■ Task details ■
Your task is to output the data exactly as it stands.

■ Data supplied ■
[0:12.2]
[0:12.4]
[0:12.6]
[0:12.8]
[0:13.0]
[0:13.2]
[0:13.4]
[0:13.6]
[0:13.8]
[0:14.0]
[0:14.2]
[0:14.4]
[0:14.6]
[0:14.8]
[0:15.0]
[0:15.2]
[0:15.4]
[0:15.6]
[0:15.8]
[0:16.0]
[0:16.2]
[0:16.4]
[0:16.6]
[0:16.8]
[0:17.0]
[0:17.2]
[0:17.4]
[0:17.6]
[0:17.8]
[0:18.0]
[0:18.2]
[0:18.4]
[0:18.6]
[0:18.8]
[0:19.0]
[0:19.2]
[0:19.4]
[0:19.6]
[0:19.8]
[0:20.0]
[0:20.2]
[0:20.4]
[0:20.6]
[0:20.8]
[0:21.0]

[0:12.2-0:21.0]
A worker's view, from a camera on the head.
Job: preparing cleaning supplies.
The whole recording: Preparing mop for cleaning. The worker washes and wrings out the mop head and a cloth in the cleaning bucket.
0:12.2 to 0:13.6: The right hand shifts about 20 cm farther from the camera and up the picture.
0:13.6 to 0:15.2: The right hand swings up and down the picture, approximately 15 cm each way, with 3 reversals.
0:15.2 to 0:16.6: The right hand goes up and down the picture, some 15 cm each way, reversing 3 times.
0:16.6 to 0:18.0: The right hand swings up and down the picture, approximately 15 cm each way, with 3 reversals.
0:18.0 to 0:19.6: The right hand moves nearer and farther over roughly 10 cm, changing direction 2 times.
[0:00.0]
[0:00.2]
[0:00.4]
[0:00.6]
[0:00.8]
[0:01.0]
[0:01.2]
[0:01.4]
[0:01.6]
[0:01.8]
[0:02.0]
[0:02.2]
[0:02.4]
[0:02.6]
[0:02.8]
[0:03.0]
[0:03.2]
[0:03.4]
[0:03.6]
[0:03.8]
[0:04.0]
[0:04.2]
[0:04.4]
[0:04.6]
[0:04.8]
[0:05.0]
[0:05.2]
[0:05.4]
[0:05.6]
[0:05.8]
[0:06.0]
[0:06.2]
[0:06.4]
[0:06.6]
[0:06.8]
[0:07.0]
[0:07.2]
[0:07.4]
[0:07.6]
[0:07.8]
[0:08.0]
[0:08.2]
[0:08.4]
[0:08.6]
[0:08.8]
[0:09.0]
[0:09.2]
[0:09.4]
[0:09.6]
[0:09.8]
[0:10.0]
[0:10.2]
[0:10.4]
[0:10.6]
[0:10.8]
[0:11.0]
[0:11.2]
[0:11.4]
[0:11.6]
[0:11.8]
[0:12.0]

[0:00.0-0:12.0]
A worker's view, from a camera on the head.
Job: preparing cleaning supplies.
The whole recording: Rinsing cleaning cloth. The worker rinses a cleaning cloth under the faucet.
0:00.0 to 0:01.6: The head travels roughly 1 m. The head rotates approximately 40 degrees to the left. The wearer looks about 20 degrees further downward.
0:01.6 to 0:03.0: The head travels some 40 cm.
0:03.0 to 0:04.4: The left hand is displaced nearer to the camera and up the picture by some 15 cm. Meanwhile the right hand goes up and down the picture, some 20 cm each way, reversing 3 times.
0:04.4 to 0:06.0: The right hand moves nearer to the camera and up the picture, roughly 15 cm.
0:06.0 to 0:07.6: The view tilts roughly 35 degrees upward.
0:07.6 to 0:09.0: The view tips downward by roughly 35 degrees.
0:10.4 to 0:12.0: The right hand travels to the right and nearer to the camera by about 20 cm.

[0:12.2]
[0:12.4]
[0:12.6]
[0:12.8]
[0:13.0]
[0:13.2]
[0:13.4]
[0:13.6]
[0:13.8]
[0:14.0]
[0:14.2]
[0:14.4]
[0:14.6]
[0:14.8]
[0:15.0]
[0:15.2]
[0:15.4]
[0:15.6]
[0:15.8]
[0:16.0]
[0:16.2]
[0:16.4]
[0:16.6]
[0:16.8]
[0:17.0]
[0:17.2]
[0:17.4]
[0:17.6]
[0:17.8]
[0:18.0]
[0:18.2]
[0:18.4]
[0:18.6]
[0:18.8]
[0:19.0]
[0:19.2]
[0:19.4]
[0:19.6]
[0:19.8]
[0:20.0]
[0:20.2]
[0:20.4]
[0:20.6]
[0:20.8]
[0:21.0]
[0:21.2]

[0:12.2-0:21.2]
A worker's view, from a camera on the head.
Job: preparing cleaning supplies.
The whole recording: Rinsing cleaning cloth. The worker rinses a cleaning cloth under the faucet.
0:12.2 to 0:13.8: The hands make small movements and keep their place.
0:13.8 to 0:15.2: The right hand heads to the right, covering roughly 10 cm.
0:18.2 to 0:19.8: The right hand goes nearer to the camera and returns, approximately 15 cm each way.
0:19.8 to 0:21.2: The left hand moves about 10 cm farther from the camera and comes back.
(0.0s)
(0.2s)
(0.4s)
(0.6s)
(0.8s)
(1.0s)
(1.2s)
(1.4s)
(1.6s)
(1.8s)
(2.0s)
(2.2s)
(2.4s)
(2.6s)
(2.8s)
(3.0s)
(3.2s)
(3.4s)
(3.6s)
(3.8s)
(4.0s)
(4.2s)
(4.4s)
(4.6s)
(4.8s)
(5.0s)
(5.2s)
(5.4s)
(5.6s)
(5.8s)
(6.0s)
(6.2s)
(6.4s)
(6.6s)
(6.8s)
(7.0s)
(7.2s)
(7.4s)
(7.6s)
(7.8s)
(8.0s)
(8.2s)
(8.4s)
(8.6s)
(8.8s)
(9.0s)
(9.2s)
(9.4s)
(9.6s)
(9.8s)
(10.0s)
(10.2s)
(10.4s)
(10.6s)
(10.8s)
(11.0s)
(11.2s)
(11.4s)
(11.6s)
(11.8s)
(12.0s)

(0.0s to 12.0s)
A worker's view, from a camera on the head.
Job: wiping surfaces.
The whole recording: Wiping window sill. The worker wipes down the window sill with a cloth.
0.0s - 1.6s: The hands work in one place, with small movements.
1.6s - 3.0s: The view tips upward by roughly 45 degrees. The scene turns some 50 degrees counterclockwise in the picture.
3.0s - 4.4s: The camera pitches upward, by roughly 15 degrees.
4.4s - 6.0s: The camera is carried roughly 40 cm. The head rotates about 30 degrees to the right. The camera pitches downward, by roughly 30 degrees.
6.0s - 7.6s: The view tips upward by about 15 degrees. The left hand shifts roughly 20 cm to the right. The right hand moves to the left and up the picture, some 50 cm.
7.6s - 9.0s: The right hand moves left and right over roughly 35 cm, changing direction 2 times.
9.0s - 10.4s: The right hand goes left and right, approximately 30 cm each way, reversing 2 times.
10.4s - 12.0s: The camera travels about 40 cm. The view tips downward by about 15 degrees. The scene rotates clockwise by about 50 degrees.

■ Result of this exercise ■
[0:12.2]
[0:12.4]
[0:12.6]
[0:12.8]
[0:13.0]
[0:13.2]
[0:13.4]
[0:13.6]
[0:13.8]
[0:14.0]
[0:14.2]
[0:14.4]
[0:14.6]
[0:14.8]
[0:15.0]
[0:15.2]
[0:15.4]
[0:15.6]
[0:15.8]
[0:16.0]
[0:16.2]
[0:16.4]
[0:16.6]
[0:16.8]
[0:17.0]
[0:17.2]
[0:17.4]
[0:17.6]
[0:17.8]
[0:18.0]
[0:18.2]
[0:18.4]
[0:18.6]
[0:18.8]
[0:19.0]
[0:19.2]
[0:19.4]
[0:19.6]
[0:19.8]
[0:20.0]
[0:20.2]
[0:20.4]
[0:20.6]
[0:20.8]
[0:21.0]

[0:12.2-0:21.0]
A worker's view, from a camera on the head.
Job: preparing cleaning supplies.
The whole recording: Preparing mop for cleaning. The worker washes and wrings out the mop head and a cloth in the cleaning bucket.
0:12.2 to 0:13.6: The right hand shifts about 20 cm farther from the camera and up the picture.
0:13.6 to 0:15.2: The right hand swings up and down the picture, approximately 15 cm each way, with 3 reversals.
0:15.2 to 0:16.6: The right hand goes up and down the picture, some 15 cm each way, reversing 3 times.
0:16.6 to 0:18.0: The right hand swings up and down the picture, approximately 15 cm each way, with 3 reversals.
0:18.0 to 0:19.6: The right hand moves nearer and farther over roughly 10 cm, changing direction 2 times.
[0:00.0]
[0:00.2]
[0:00.4]
[0:00.6]
[0:00.8]
[0:01.0]
[0:01.2]
[0:01.4]
[0:01.6]
[0:01.8]
[0:02.0]
[0:02.2]
[0:02.4]
[0:02.6]
[0:02.8]
[0:03.0]
[0:03.2]
[0:03.4]
[0:03.6]
[0:03.8]
[0:04.0]
[0:04.2]
[0:04.4]
[0:04.6]
[0:04.8]
[0:05.0]
[0:05.2]
[0:05.4]
[0:05.6]
[0:05.8]
[0:06.0]
[0:06.2]
[0:06.4]
[0:06.6]
[0:06.8]
[0:07.0]
[0:07.2]
[0:07.4]
[0:07.6]
[0:07.8]
[0:08.0]
[0:08.2]
[0:08.4]
[0:08.6]
[0:08.8]
[0:09.0]
[0:09.2]
[0:09.4]
[0:09.6]
[0:09.8]
[0:10.0]
[0:10.2]
[0:10.4]
[0:10.6]
[0:10.8]
[0:11.0]
[0:11.2]
[0:11.4]
[0:11.6]
[0:11.8]
[0:12.0]

[0:00.0-0:12.0]
A worker's view, from a camera on the head.
Job: preparing cleaning supplies.
The whole recording: Rinsing cleaning cloth. The worker rinses a cleaning cloth under the faucet.
0:00.0 to 0:01.6: The head travels roughly 1 m. The head rotates approximately 40 degrees to the left. The wearer looks about 20 degrees further downward.
0:01.6 to 0:03.0: The head travels some 40 cm.
0:03.0 to 0:04.4: The left hand is displaced nearer to the camera and up the picture by some 15 cm. Meanwhile the right hand goes up and down the picture, some 20 cm each way, reversing 3 times.
0:04.4 to 0:06.0: The right hand moves nearer to the camera and up the picture, roughly 15 cm.
0:06.0 to 0:07.6: The view tilts roughly 35 degrees upward.
0:07.6 to 0:09.0: The view tips downward by roughly 35 degrees.
0:10.4 to 0:12.0: The right hand travels to the right and nearer to the camera by about 20 cm.

[0:12.2]
[0:12.4]
[0:12.6]
[0:12.8]
[0:13.0]
[0:13.2]
[0:13.4]
[0:13.6]
[0:13.8]
[0:14.0]
[0:14.2]
[0:14.4]
[0:14.6]
[0:14.8]
[0:15.0]
[0:15.2]
[0:15.4]
[0:15.6]
[0:15.8]
[0:16.0]
[0:16.2]
[0:16.4]
[0:16.6]
[0:16.8]
[0:17.0]
[0:17.2]
[0:17.4]
[0:17.6]
[0:17.8]
[0:18.0]
[0:18.2]
[0:18.4]
[0:18.6]
[0:18.8]
[0:19.0]
[0:19.2]
[0:19.4]
[0:19.6]
[0:19.8]
[0:20.0]
[0:20.2]
[0:20.4]
[0:20.6]
[0:20.8]
[0:21.0]
[0:21.2]

[0:12.2-0:21.2]
A worker's view, from a camera on the head.
Job: preparing cleaning supplies.
The whole recording: Rinsing cleaning cloth. The worker rinses a cleaning cloth under the faucet.
0:12.2 to 0:13.8: The hands make small movements and keep their place.
0:13.8 to 0:15.2: The right hand heads to the right, covering roughly 10 cm.
0:18.2 to 0:19.8: The right hand goes nearer to the camera and returns, approximately 15 cm each way.
0:19.8 to 0:21.2: The left hand moves about 10 cm farther from the camera and comes back.
(0.0s)
(0.2s)
(0.4s)
(0.6s)
(0.8s)
(1.0s)
(1.2s)
(1.4s)
(1.6s)
(1.8s)
(2.0s)
(2.2s)
(2.4s)
(2.6s)
(2.8s)
(3.0s)
(3.2s)
(3.4s)
(3.6s)
(3.8s)
(4.0s)
(4.2s)
(4.4s)
(4.6s)
(4.8s)
(5.0s)
(5.2s)
(5.4s)
(5.6s)
(5.8s)
(6.0s)
(6.2s)
(6.4s)
(6.6s)
(6.8s)
(7.0s)
(7.2s)
(7.4s)
(7.6s)
(7.8s)
(8.0s)
(8.2s)
(8.4s)
(8.6s)
(8.8s)
(9.0s)
(9.2s)
(9.4s)
(9.6s)
(9.8s)
(10.0s)
(10.2s)
(10.4s)
(10.6s)
(10.8s)
(11.0s)
(11.2s)
(11.4s)
(11.6s)
(11.8s)
(12.0s)

(0.0s to 12.0s)
A worker's view, from a camera on the head.
Job: wiping surfaces.
The whole recording: Wiping window sill. The worker wipes down the window sill with a cloth.
0.0s - 1.6s: The hands work in one place, with small movements.
1.6s - 3.0s: The view tips upward by roughly 45 degrees. The scene turns some 50 degrees counterclockwise in the picture.
3.0s - 4.4s: The camera pitches upward, by roughly 15 degrees.
4.4s - 6.0s: The camera is carried roughly 40 cm. The head rotates about 30 degrees to the right. The camera pitches downward, by roughly 30 degrees.
6.0s - 7.6s: The view tips upward by about 15 degrees. The left hand shifts roughly 20 cm to the right. The right hand moves to the left and up the picture, some 50 cm.
7.6s - 9.0s: The right hand moves left and right over roughly 35 cm, changing direction 2 times.
9.0s - 10.4s: The right hand goes left and right, approximately 30 cm each way, reversing 2 times.
10.4s - 12.0s: The camera travels about 40 cm. The view tips downward by about 15 degrees. The scene rotates clockwise by about 50 degrees.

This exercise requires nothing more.